How MapReduce works: solving the problem of processing the whole web

MapReduce is a programming model for processing and generating large data sets. Users specify a Map function that processes a key/value pair to generate a set of key/value pairs, and a Reduce function that merges all values associated with the same key.

Take for example a word count, where you receive a text as a input and need to count the occurrences of each word on the text (you can see a representation of this on the image below).

The MapReduce will...

Split the input into many chucks in order to run the operation on multiple machines
Map the input data in order to generate a set of key/value pairs
- On the Map phase, we have many machines processing part of the input that was Split before (remember that we have a large input, like the whole web, so it is inefficient to do it on a single machine)
Reduce the key/value pairs by merging them based on their keys
- Since we are performing a word count here, the Reduce function sums each value based on the key. Each Reduce function writes the result to a file

The final output consists of unique keys and their corresponding reduced values.

The coordinator

In order for the MapReduce to function, there needs to be something coordinating all of this. We want to be able to just pass the input to it and let it run without worrying about its internal details. The component that receives this first input and starts the whole operation is called coordinator. The coordinator is responsible to pass the chunks for the machines to run the Map, that means that the coordinator is responsible for Splitting the data.

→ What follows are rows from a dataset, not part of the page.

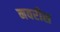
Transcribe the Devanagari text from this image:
नवरीस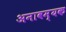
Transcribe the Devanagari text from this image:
अनावम्यक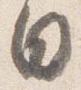
日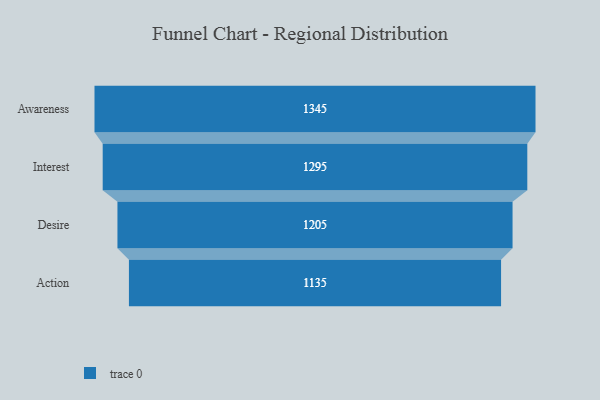
{"axis": {"x": "Stage", "y": "Value"}, "legend": [""], "data": [{"x": "Awareness", "y": 1345.0, "type": ""}, {"x": "Interest", "y": 1295.0, "type": ""}, {"x": "Desire", "y": 1205.0, "type": ""}, {"x": "Action", "y": 1135.0, "type": ""}]}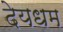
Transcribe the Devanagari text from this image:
देयधम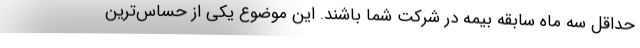
حداقل سه ماه سابقه بیمه در شرکت شما باشند. این موضوع یکی از حساس‌ترین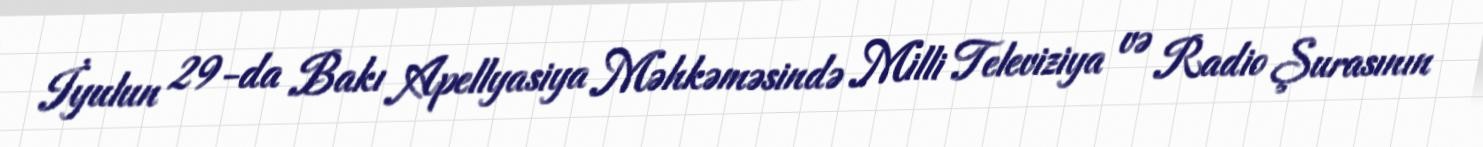
İyulun 29-da Bakı Apellyasiya Məhkəməsində Milli Televiziya və Radio Şurasının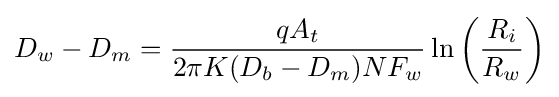
D_{w}-D_{m}={\frac {qA_{t}}{2\pi K(D_{b}-D_{m})NF_{w}}}\ln \left({\frac {R_{i}}{R_{w}}}\right)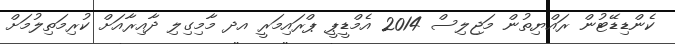
ކެންޑިޑޭޓުން ރައްޔިތުން މަޖިލިސް 2014 އެމްޑީޕީ ޕްރައިމަރީ އދ މާމިގިލި ދާއިރާއަށް ކުރިމަތިލުމަށް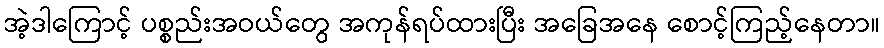
အဲ့ဒါကြောင့် ပစ္စည်းအဝယ်တွေ အကုန်ရပ်ထားပြီး အခြေအနေ စောင့်ကြည့်နေတာ။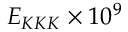
E _ { K K K } \times 1 0 ^ { 9 }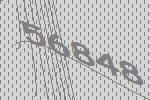
56848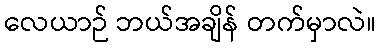
လေယာဉ် ဘယ်အချိန် တက်မှာလဲ။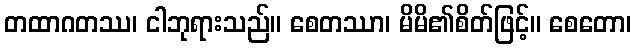
တထာဂတဿ၊ ငါဘုရားသည်။ စေတဿာ၊ မိမိ၏စိတ်ဖြင့်။ စေတော၊

When a machine finishes the Map phase, it notifies the coordinator and passes the location of the finished Map result file to it. Then the coordinator calls the Reduce function on another machine with the location of the file to perform the reduce on. This implies on the machine responsible to execute the Reduce to access the machine that did the Map previously.

As seen before, when a machine finishes the Reduce phase, it writes the result to a file, the coordinator then returns these files to the MapReduce caller. It is important to notice that the files doesn't really needs to travel through the network, although they are reduced, they could still be big enough to impact performance significantly. What can be done here, depending on the implementation of the coordinator, is returning the address where the reduced files are stored.

Network bandwidth is a problem (one of the biggest)

The first fallacy of distributed computing is, "The network is reliable". That means that we want to minimize the traveling of the data through the network. Google does so by storing the inputs of the the Map phase on the same machines that executes the Map.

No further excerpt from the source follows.